- Born: October 1, 1993 (age 32) Jinzhou, Liaoning, China
- Native name: 樊荣
- Other names: King Kong Warrior
- Height: 6 ft 1 in (1.85 m)
- Weight: 205 lb (93 kg; 14.6 st)
- Division: Light Heavyweight Middleweight Welterweight
- Reach: 69 in (175 cm)
- Style: Boxing, Wrestling
- Fighting out of: China
- Team: Longyun MMA Gym
- Years active: 2016–present

Mixed martial arts record
- Total: 24
- Wins: 19
- By knockout: 6
- By submission: 11
- By decision: 2
- Losses: 5
- By knockout: 2
- By submission: 3

Other information
- Mixed martial arts record from Sherdog

= Fan Rong =

Chinese mixed martial arts fighter

Fan Rong (樊荣; born October 1, 1993) is a Chinese mixed martial artist who competes in the Middleweight division. Rong has previously competed for ONE Championship, Glory of Heroes and Wu Lin Feng.

== Background ==
WMMAA Champion Fan Rong's first exposure to the martial arts was in 2009, after he moved to Haerbin to attend university. A friend had invited him to tag along to Longyun MMA, and introduced him to his current coach, Jiang Long Yun.

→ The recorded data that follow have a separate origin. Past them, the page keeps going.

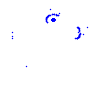
Particle: kaon
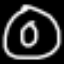
Label: donut
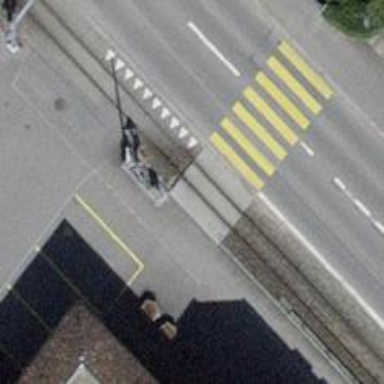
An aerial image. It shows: Zebra crossing on the road.
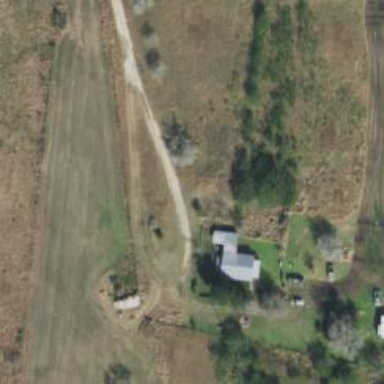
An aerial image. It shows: Driveway leading to service road.
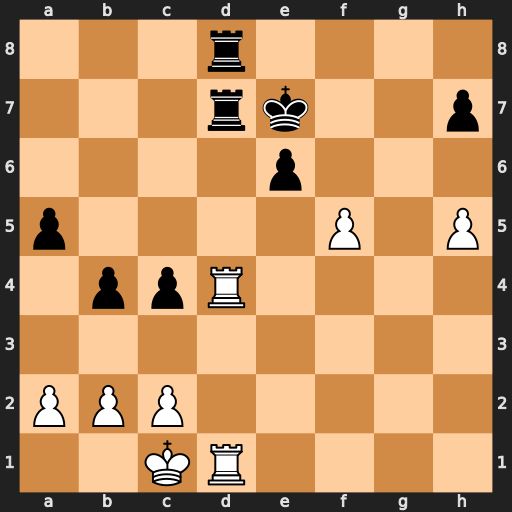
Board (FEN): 3r4/3rk2p/4p3/p4P1P/1ppR4/8/PPP5/2KR4
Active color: w
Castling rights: -
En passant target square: -
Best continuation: f6+ Kxf6 Rxd7
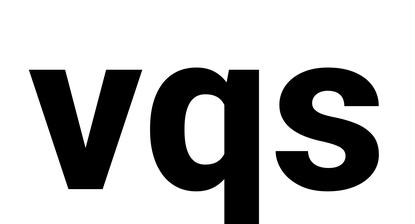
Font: Roboto_ExtraBold
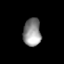
Tissue: lung
Cell type: T cells
Senescence score: 0.14
Nuclear area (px): 486
Mean DAPI intensity: 144.156
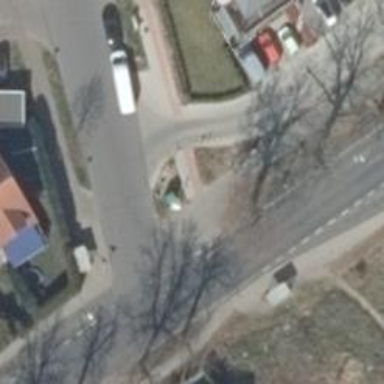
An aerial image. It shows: Footway.
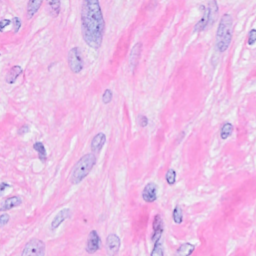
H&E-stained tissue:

== Mixed martial arts career ==

=== Early career ===
Although he fell short in his pro debut, Fan bounced back to go on a tear through the Chinese scene, finishing all but one opponent in an 11-bout win streak to earn a spot on the ONE Championship roster.

=== ONE Championship ===
Rong made his ONE debut at ONE Championship: Hero's Ascent on January 25, 2019, against Reinier de Ridder, in a fight which he lost by a first round submission.

Rong faced Sherif Mohamed on June 15, 2019, at ONE Championship: Legendary Quest. He won the bout via technical knockout in the second round.

Rong was announced for ONE Championship: Inside the Matrix 3, where he faced Yuri Simões on November 13, 2020. Rong won the bout by unanimous decision.

Rong faced Vitaly Bigdash at ONE: Winter Warriors II on December 17, 2021. He lost via guillotine choke in the third round.

Rong was scheduled to face Aung La Nsang on January 14, 2023, at ONE on Prime Video 6. However, Fan withdrawn from the bout after having tested positive for COVID-19 and was replaced by Gilberto Galvão at a catchweight of 215 pounds. The pair was rescheduled for May 5, 2023, at ONE Fight Night 10. Rong lost the fight via a guillotine choke submission in the second round.

Rong faced Shamil Erdogan at ONE Friday Fights 22 on June 23, 2023, losing the bout at the start of the second after being unable to continue due to a body kick.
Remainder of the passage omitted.